Chain of Thought Chain-of-thought prompting was introduced by Wei et al. (2022b) to enhance language model reasoning by generating intermediate steps. Notably, this has inspired numerous works that build upon this direction of step-bystep reasoning. For instance, automatic chain-ofthought (Zhang et al., 2023) was proposed to address the challenges in manually annotating chainof-thought demonstrations. On the other hand, it was shown that specific prompts such as 'Let's think step-by-step' can enable language models to perform chain-of-thought in a zero-shot manner, without any demonstrations (Kojima et al., 2022). In addition, challenging problems can be decomposed into multiple sub-problems (Zhou et al., 2023), or even into code programs that can be au- tomatically executed (Gao et al., 2023). Despite the progress in chain-of-thought on multiple fronts, we still lack a rigorous understanding of the underlying mechanism (Turpin et al., 2023; Feng et al., 2023). In this work, inspired by the findings of previous works regarding invalid demonstrations, we propose contrastive chain-of-thought to enhance language model reasoning.

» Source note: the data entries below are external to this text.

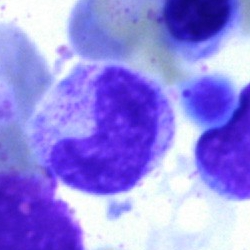
Cell: band neutrophil.
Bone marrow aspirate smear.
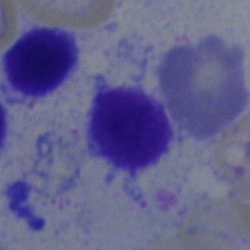The cell is lymphocyte.
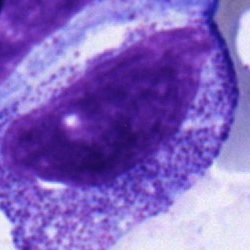
Single-cell crop from a bone marrow smear: myelocyte.
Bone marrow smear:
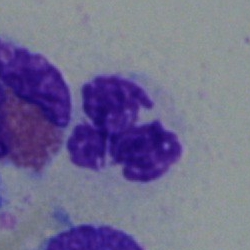
Q: Which cell type is shown here?
A: This is a neutrophil (segmented).
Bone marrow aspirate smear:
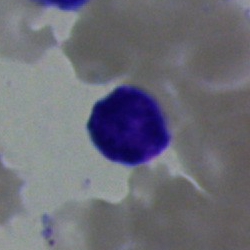 Q: What is the morphological classification of this cell?
A: A lymphocyte.
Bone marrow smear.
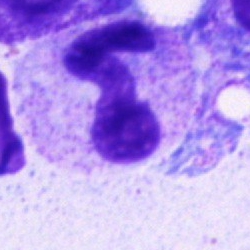

Morphology consistent with a polymorphonuclear neutrophil.
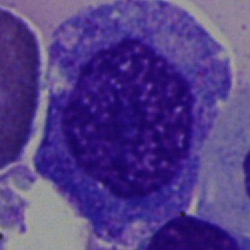
Specimen: bone marrow smear.
Cell: promyelocyte.
Lineage: myeloid.
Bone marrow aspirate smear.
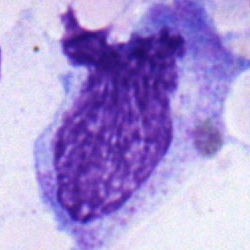
Q: What cell is this?
A: A myelocyte.
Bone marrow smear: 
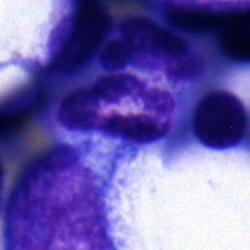 Morphology consistent with a neutrophil (segmented).

As contrastive chainof-thought leverages both valid and invalid reasoning demonstrations, we believe this may encourage other researchers to fundamentally rethink the chain-of-thought process.
Learning from Negative Examples While chain-of-thought prompting typically involves only valid demonstrations, it is not clear whether invalid demonstrations can also benefit the reasoning process (Wang et al., 2023). On the other hand, learning from negative or invalid samples is not new. For instance, contrastive learning is a well-established deep learning approach that encourages models to distinguish between 'positive' and 'negative' samples, thus learning better representations (Khosla et al., 2020). Similarly, reinforcement learning from human feedback (RLHF) trains a reward model based on positive and negative samples of human preference data (Ouyang et al., 2022; Christiano et al., 2017). Hence, inspired by the previous approaches, we propose contrastive chain-of-thought, a general enhancement of chain-of-thought prompting, by enabling models to learn from both valid and invalid reasoning demonstrations.
## 6 Conclusions
In this work, we have explored the effect of leveraging invalid reasoning demonstrations for enhancing chain of thought. Through our preliminary study on different invalid chain-of-thought categories, we found that providing both valid and invalid demonstrations in a contrastive manner greatly improves reasoning ability in language models. To overcome the challenge of manually annotating invalid rationales, we propose contrastive chain of thought, a general prompting method which can automatically construct contrastive demonstrations from existing rationales. Through experiments on several reasoning tasks, we find contrastive chain of thought to be a general enhancement of chain-of-thought prompting. Further investigation into alternative forms of chain-of-thought prompting will hopefully inspire future advancements in language-based reasoning.